Well when I was thinking about the one legged chicken another story concerning a chicken with an extra leg came to mind. For this story we have to go back in time to the old Sri Lanka of the seventies where there were no large broiler farms and if you said super market people would have a blank look on their face. This was the time when Nescafe was considered more posh than brewed coffee and Toblerone and Cadbury was considered a luxury. Those days chicken was considered a luxury. A special meat cooked only when someone important came to visit. And if you cooked two chickens for a meal where one could have been eaten sparingly it was considered a status symbol. Add to this scenario an aunt and uncle of mine who were filthy rich but were stingy as hell. People you would describe as utter “Kuna’s”. Well they had invited some of the family members for lunch and in order to impress chicken was served. Of course my aunt wanted to do more than just impress. She wanted to drive in the point that they were much better off than those gathered around the table. She wanted people to know that she had cooked more than one chicken for the meal but on the other hand she was too stingy to waste another chicken on the not so important relations. She did come up with an innovative solution where she could literally have the cake and eat it. What she did was cut one leg off the second chicken and add it into the chicken curry. And when the chicken was being served telling everyone around loudly “Please serve yourself the third leg there is sufficient chicken for everyone” hoping that with these words everyone would know there was more than a single chicken cooked for them and be suitably impressed. But of course there wasn’t enough to feed the hungry lot. And definitely not enough for seconds which seemed strange considering that two chickens had been slaughtered. When we realized no more extra chicken was going to be brought in from the kitchen it suddenly dawned on us what the smart old lady had been up to! So one of my uncles very innocently asked my aunty “Are you sure that you have not cooked a three legged chicken by mistake instead of two?” Oh gosh you should have seen the old ladies face when she realized that we had cottoned on to her little secret…. It was priceless.


Monday, February 15, 2010

Cartless in Cargills...

Well guess we all saw the advertisement which said 25% off for Sampath Bank credit card holders. But I did not bargain for all of them to head to Food City the same time I did. Well guess there is a very hungry bargain hunter inside all of us cos Food City Staples street was absolutely packed. I thought I was lucky enough to find a spot to park till I realized that was the least of my problems. Because when I went inside there were no shopping carts.
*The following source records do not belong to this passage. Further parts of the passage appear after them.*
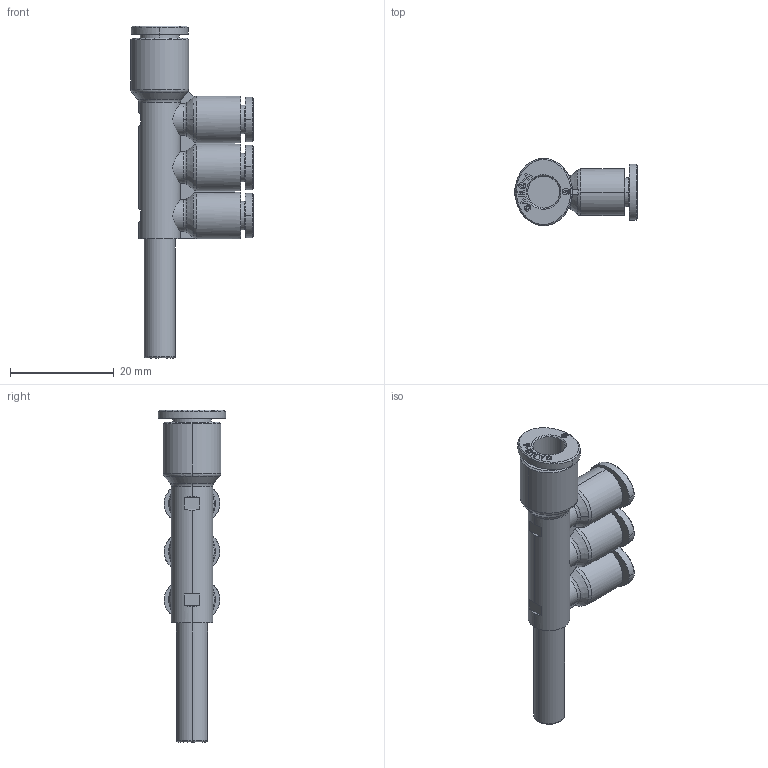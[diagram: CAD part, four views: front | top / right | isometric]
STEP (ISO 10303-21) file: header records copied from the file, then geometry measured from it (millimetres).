
FILE_DESCRIPTION (( 'STEP AP214' ), '1' );
FILE_NAME ('PKJ06-04.STEP', '2015-08-24T09:41:00', ( '' ), ( '' ), 'SwSTEP 2.0', 'SolidWorks 2015', '' );
FILE_SCHEMA (( 'AUTOMOTIVE_DESIGN' ));
Length unit declared in the file: millimetre
Products named in the file (2): PKJ06-04; ｦ+ﾃｦ2
Assembly tree (1 placements, depth 2):
  PKJ06-04
    ｦ+ﾃｦ2
Bounding box: 23.7 x 13 x 64.15 mm (x, y, z)
Volume: 4758.4 mm3; surface area: 4351.7 mm2
Topology: 1 solids, 1 shells, 1417 faces, 4019 edges, 2669 vertices
Faces by surface type: plane 1179, bspline 131, cylinder 67, cone 31, torus 9
Entity records: 49802 total; most frequent: CARTESIAN_POINT 13346, ORIENTED_EDGE 8038, DIRECTION 6430, EDGE_CURVE 4019, LINE 3470, VECTOR 3470, VERTEX_POINT 2669, EDGE_LOOP 1482
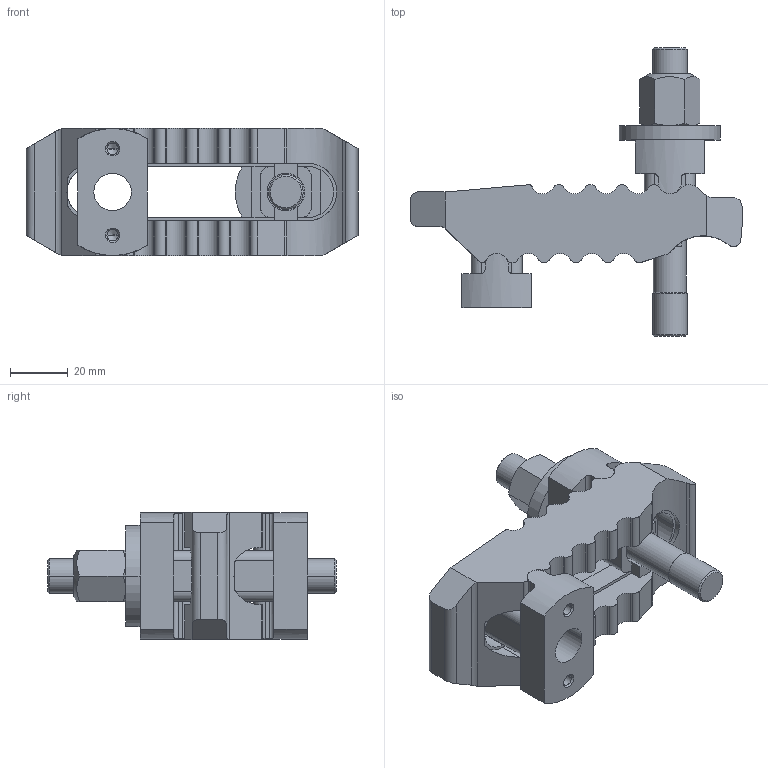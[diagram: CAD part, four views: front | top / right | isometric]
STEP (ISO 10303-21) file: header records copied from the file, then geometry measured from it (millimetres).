
FILE_DESCRIPTION(('STEP AP214'),'1');
FILE_NAME(' ',' ',('TraceParts'),('TraceParts S.A.'),'XStep 1.0',' ',' ');
FILE_SCHEMA(('automotive_design'));
Length unit declared in the file: millimetre
Products named in the file (6): 1; 2; 3; 4; 5; 6
Bounding box: 115 x 100 x 44 mm (x, y, z)
Volume: 111149.6 mm3; surface area: 38948.3 mm2
Topology: 6 solids, 6 shells, 314 faces, 842 edges, 537 vertices
Faces by surface type: plane 141, cylinder 124, cone 48, sphere 1
Entity records: 19678 total; most frequent: CARTESIAN_POINT 2267, DIRECTION 1726, STYLED_ITEM 1683, PRESENTATION_STYLE_ASSIGNMENT 1683, COLOUR_RGB 1683, ORIENTED_EDGE 1664, EDGE_CURVE 832, CURVE_STYLE 832

Now I have been to this food city outlet for over 15 years but never have I seen a situation where the place the carts were kept absolutely empty. Infact people were waiting behind the teller and grabbing one the moment it was being unloaded. Some were intercepting the attendants while they returned from the parking areas and grabbing the carts off their hands. Fortunately I found someone who used to work at cargills and managed to use some influence to finally get a cart in my hands.
But I didn't buy a thing.
Because after going through all this trouble I realized that the lines at the two tellers allocated for the Sampath Bank card holders streched from one end of the super market to the other in fact blocking three aisles. It looked like I would have to wait twice as long to pay my bill than it would take to finish my shopping. True 25% was a great discount but no way was I going to waste my time even to save that much.
So I went to the Keels Super down the road and did my marketing in relative peace. Infact I thought it had a decent crowd considering the offers available next door.